Dev Search Hub: Helping entrepreneurs solve the developer dilemma - Cory_F
Hello!<p>I am totally new here and was hoping to come ask for some feedback on a website I just created. It&#x27;s called Developer Search Hub. I&#x27;m thinking it&#x27;s near completion but I wanted to get some honest thoughts from real people before I call it ready. It&#x27;s a service intended to connect people who need software work with independent contractors or software companies to complete their projects.  I reached out to as many developers as I could and found some interest for what I am trying to setup. After launch, I plan to create a page for new developers to apply to be part of DSH, but for now I&#x27;ve got a good group that can cover a wide scope of work. I wanted a simple feel for the user, as this site is mainly geared towards those with an idea but not much technology experience. I used Typeform for the questionnaire for that purpose also.<p>www.devsearchhub.com<p>I&#x27;d love to hear any comments, positive or negative, or advice. Thank you for taking the time to read my post! =)<p>-Cory Finn
======
DavidParmelee
Hi Cory, this site does look like it’s off to a pretty good start. I
definitely like the Typeform’s design! Some quick first impressions:

\- You’ll definitely need more social proof. The site says that “many”
companies use it, but there aren’t any numbers, names, or testimonials.
Similarly, there isn’t anything describing who the freelancers are or what
kind of experience they’ve had so far on the site. Since you just made the
site, you won’t have that in the beginning. But press coverage is another way
to start building your authority.

\- For clients, it’s not enough to look for just any developer. They’ll
generally know which technology stack or languages they are looking for, or at
the very least have a few platforms they’re considering. So wearing the client
hat, going onto the site kind of feels like a black box.

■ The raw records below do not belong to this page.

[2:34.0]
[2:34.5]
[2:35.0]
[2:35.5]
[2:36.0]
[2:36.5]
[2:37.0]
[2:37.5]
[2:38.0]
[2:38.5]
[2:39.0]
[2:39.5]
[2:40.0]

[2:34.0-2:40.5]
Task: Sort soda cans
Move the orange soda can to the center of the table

\- I’m in a few freelance Facebook groups and Slack communities. On the
freelancers’ side, a common objection we have with job sites is that so many
of them promise to be “the one site we need to save our business”, but then
the sites woefully underdeliver - which leads to a lack of trust, a lot of
stale profiles, and just a few people per skill getting all the work. You’ll
really need to think through that as you open up the site to new freelancers.
There’s also a significant fragmentation problem with sites that
require/encourage portfolios without just allowing an external portfolio link.
Freelancers may also have objections around unfavorable payment arrangements,
free work, tire-kicking clients, and sites that act like they’re the only
place where the freelancer ever finds work.

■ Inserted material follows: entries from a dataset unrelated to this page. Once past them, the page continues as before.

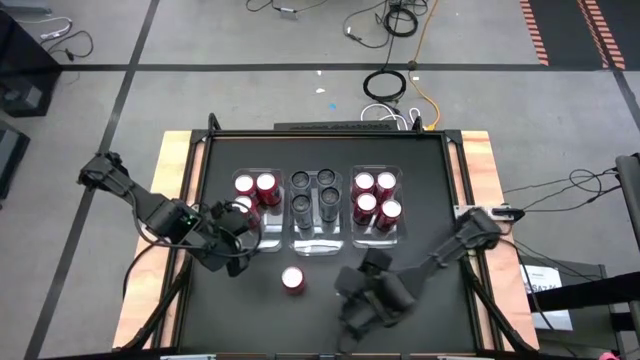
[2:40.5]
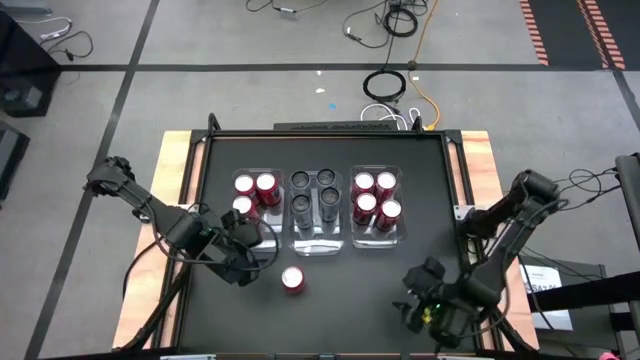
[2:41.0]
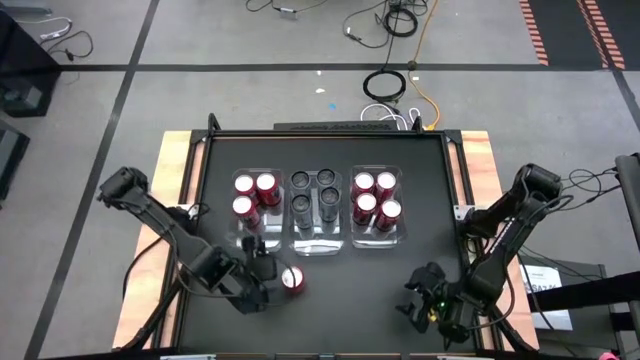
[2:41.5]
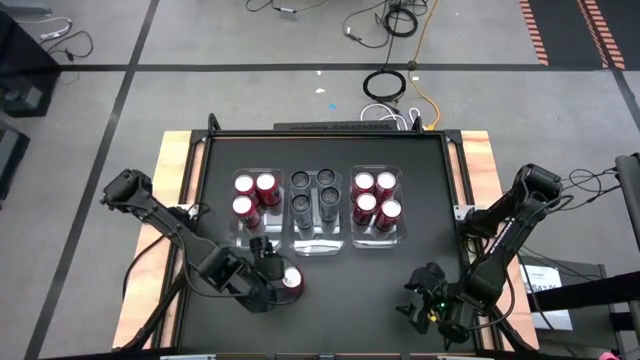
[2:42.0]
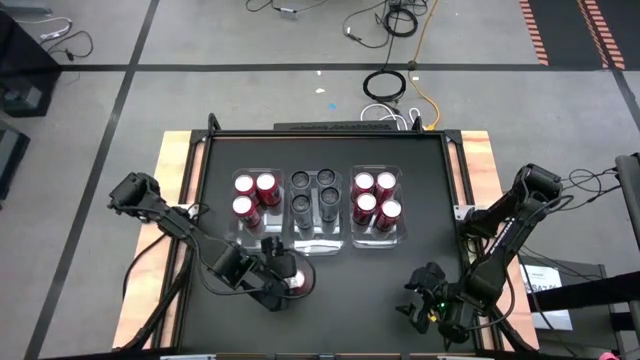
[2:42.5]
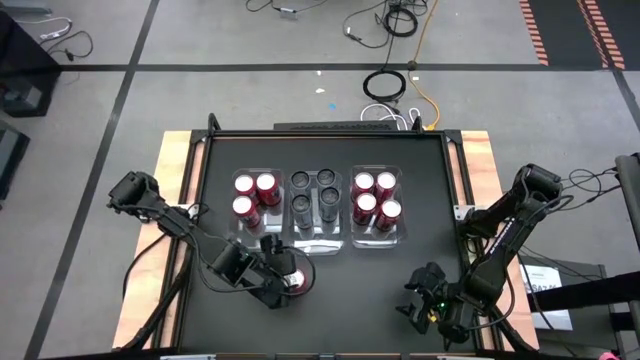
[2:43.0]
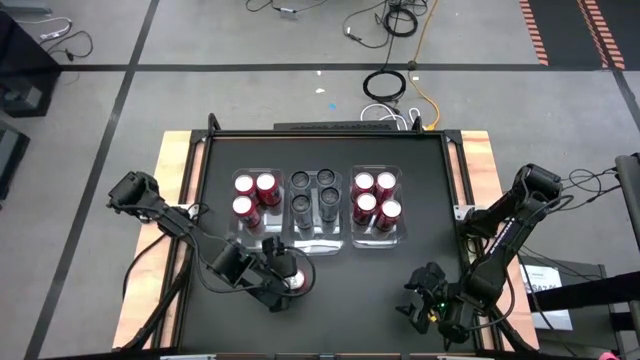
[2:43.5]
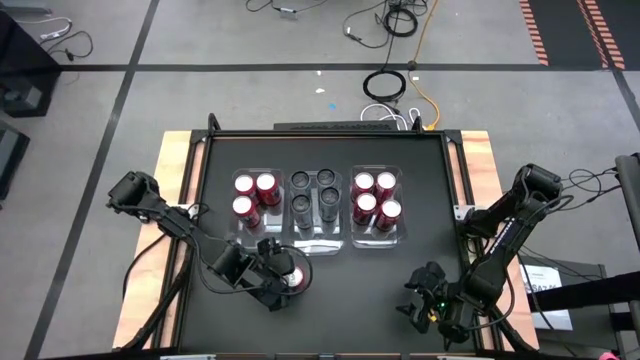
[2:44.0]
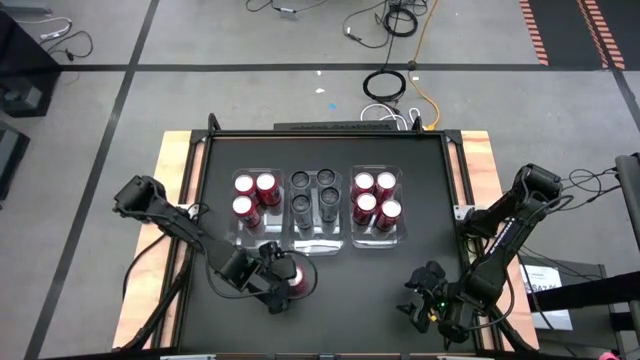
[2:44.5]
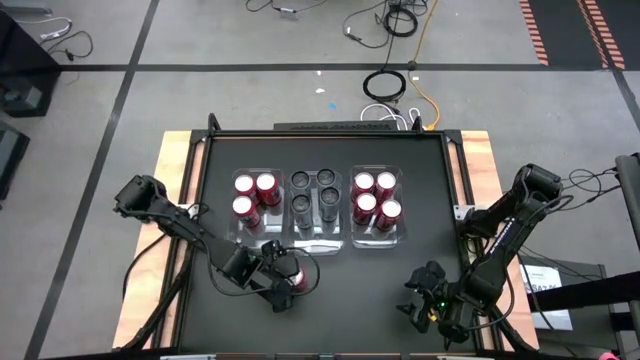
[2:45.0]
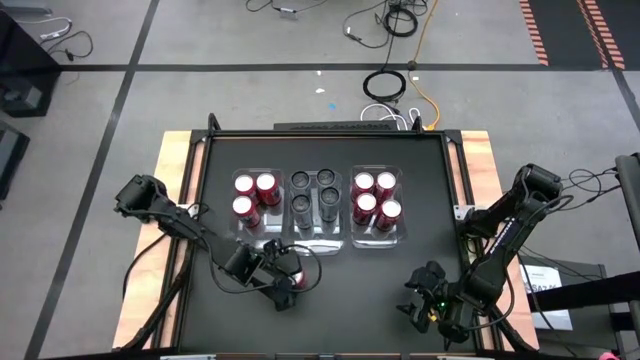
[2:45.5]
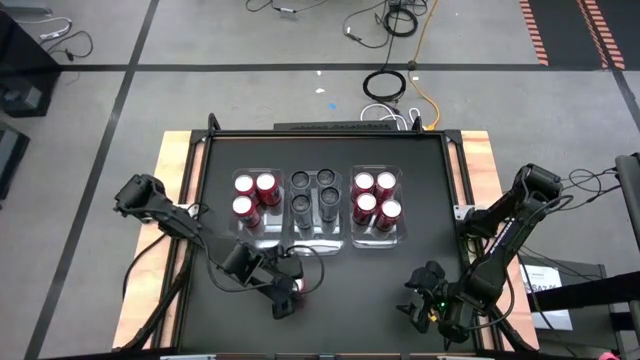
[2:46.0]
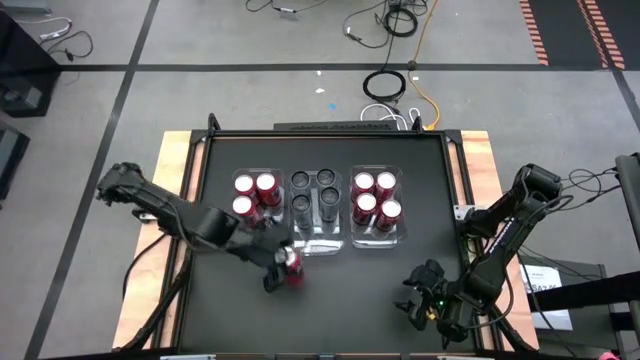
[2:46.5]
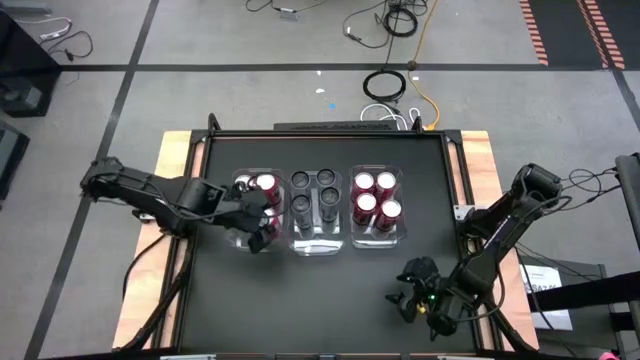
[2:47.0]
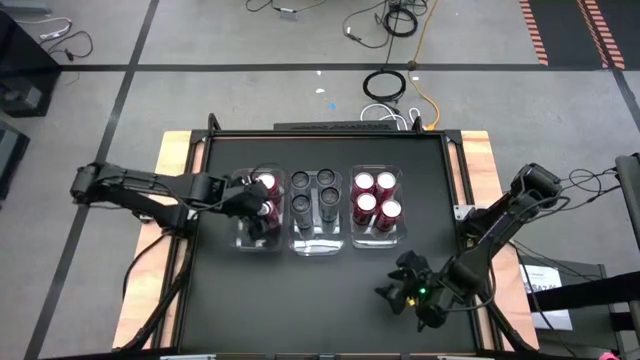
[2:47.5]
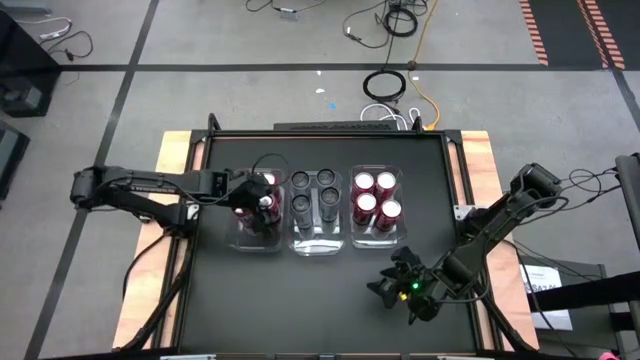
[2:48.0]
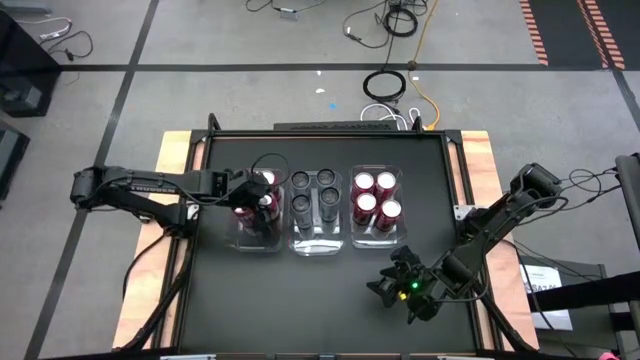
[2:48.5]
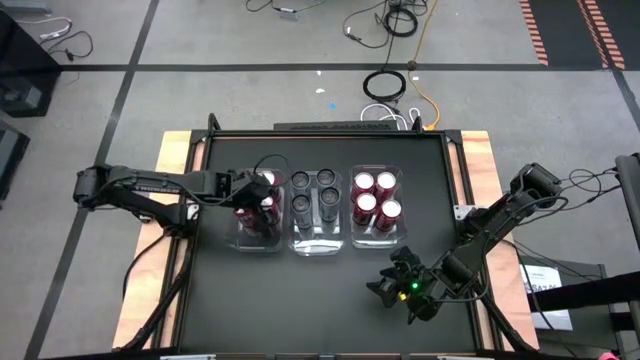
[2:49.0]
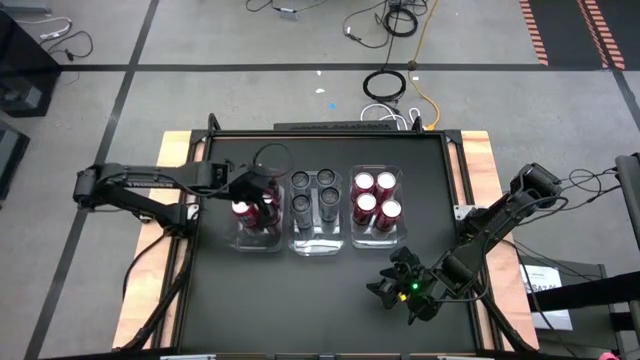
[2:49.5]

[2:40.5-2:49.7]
Put the orange soda can into the left transparent bin

\- The site also doesn’t really set an expectation of pricing, budget, or
client experience. As a full-time independent consultant, I’m pretty well
aware of freelance marketplaces that just turn into a race-to-the-bottom price
competition. Still, it’s good to at least set a ballpark expectation of - for
example, “these are senior developers in North America” - so that clients have
a good sense of what they need in order to be here.

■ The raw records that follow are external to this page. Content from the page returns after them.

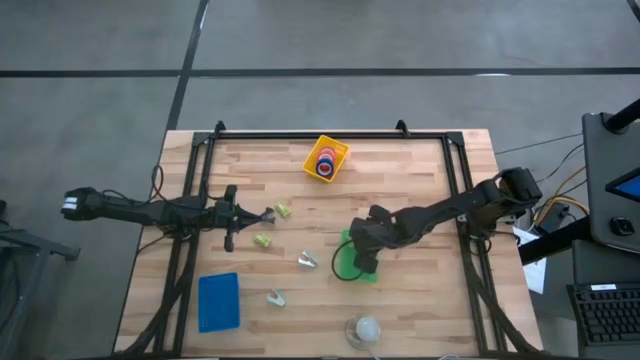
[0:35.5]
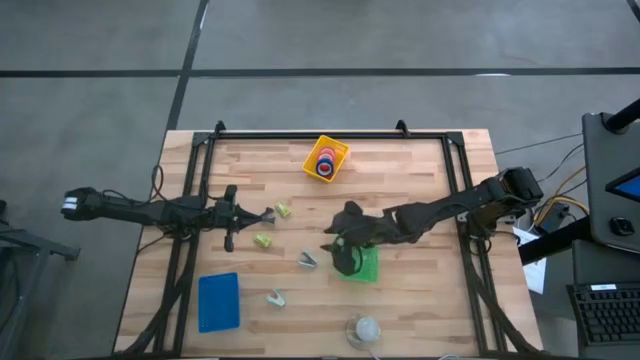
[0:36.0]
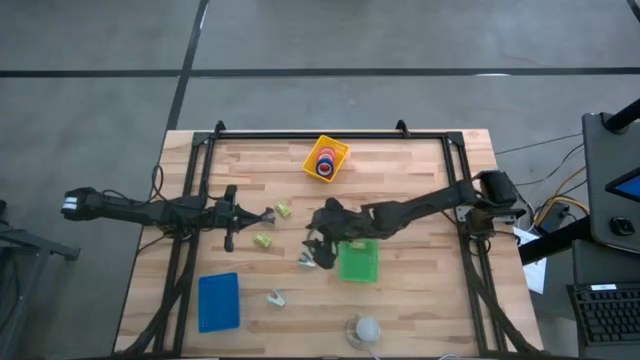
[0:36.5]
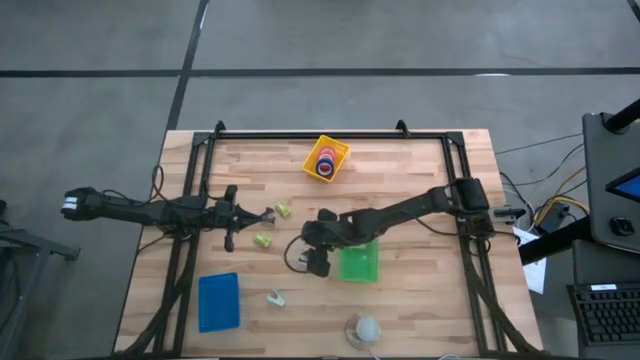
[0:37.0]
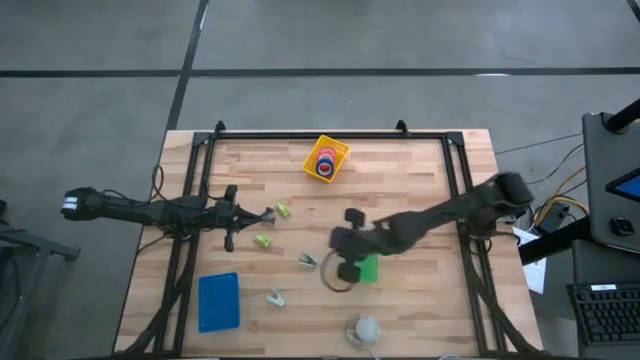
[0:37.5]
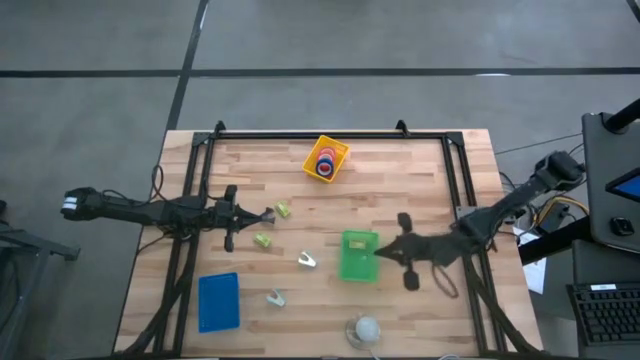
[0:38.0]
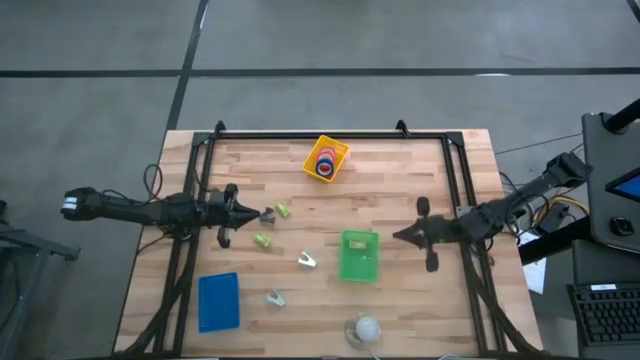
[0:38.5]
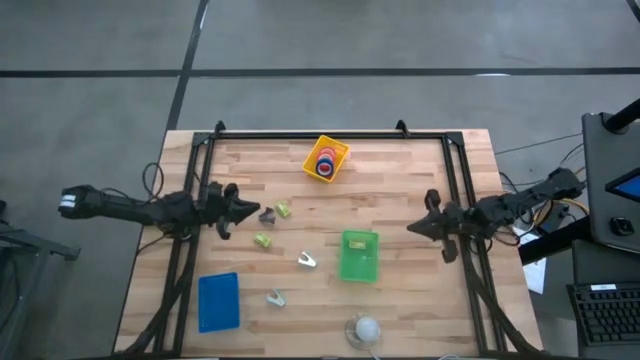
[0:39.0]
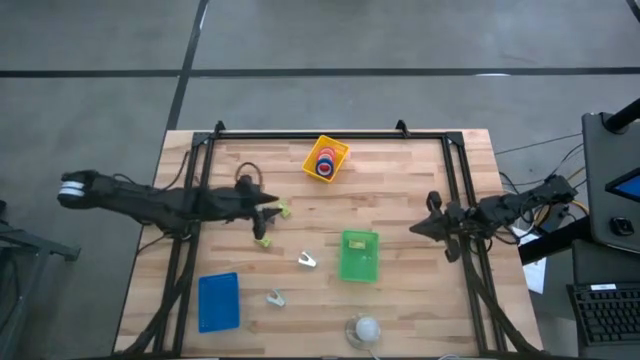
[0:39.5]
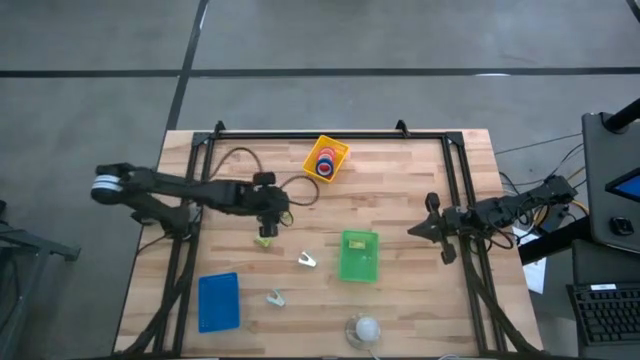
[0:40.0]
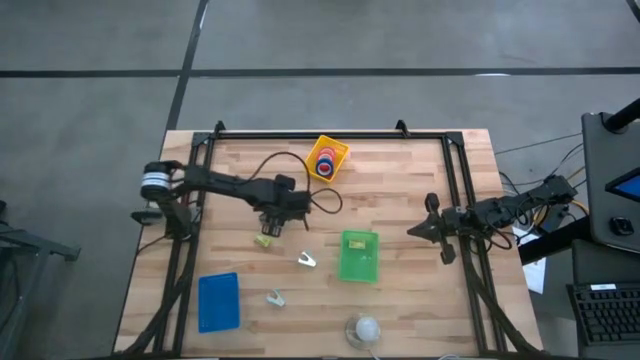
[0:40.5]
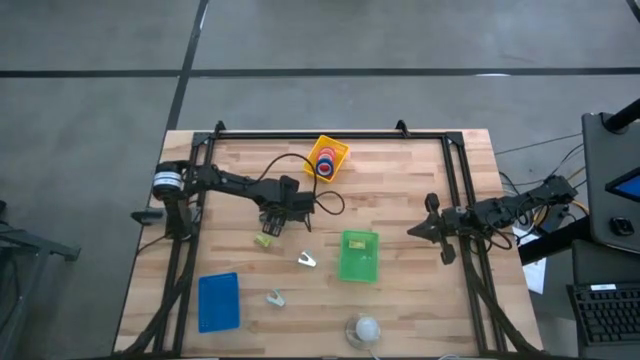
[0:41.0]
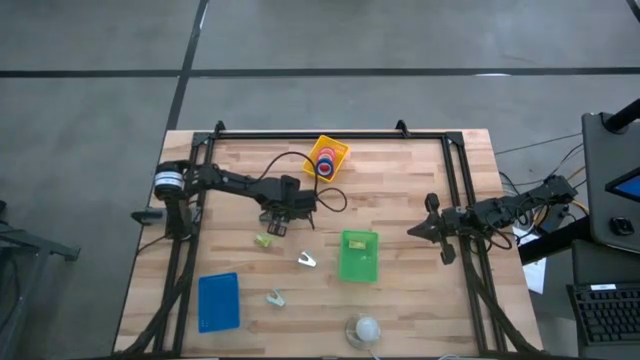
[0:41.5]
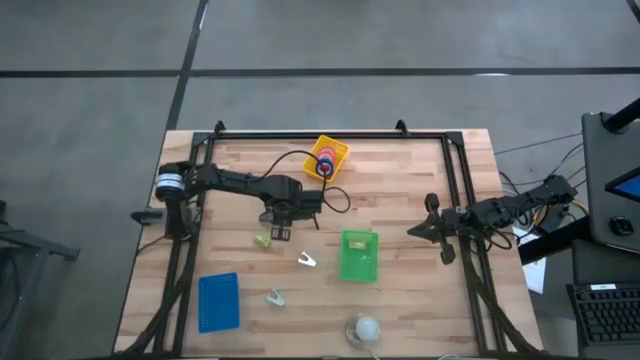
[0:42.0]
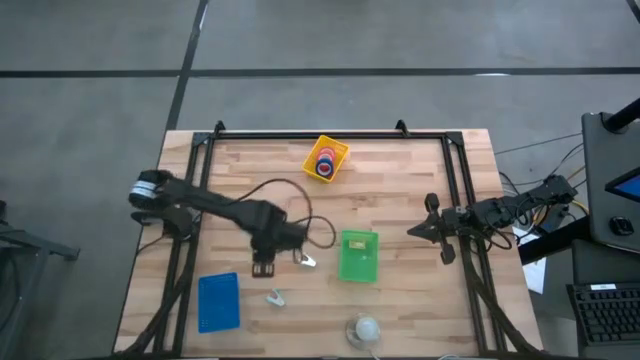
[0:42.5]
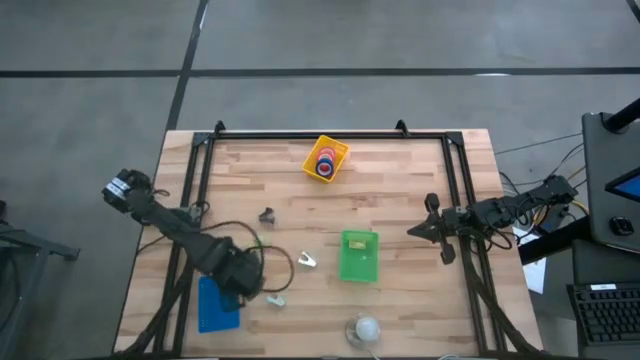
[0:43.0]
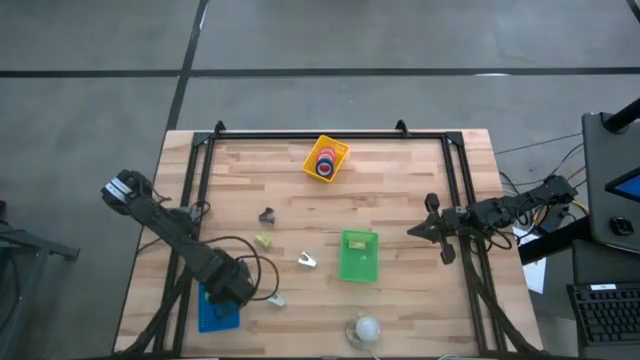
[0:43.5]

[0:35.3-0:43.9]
Task: Pick and place Stapler, Stapler remover, tape
Put the top green staple box into the green bin

\- On a related note, think through what kind of objections freelance clients
typically encounter when they hire developers. If you’re a freelancer yourself
or the developers you’re starting out with freelance full-time, they could at
least help with this outreach. Some objections I can think of off the top of
my head, as a former onshore developer for a small business with a mixed
onshore/offshore team, might include these: their time zones are way
different, their communication skills aren’t up to par, they require
additional management handholding, or their resumes look a lot more impressive
then they are after we hire them.

\- You might want to bring some aspects of your Typeform into your landing
page. Think about what the pain points or objections are around clients who
want less realistic project constraints (e.g. “it needs to be done yesterday
for $2k”), and how you protect both client and freelancer in both that and
more ideal working arrangements.

Pain/Dream/Fix is a helpful formula for thinking about what causes a client or
freelancer to want to come to your site, what they want to achieve, and how
they can get there.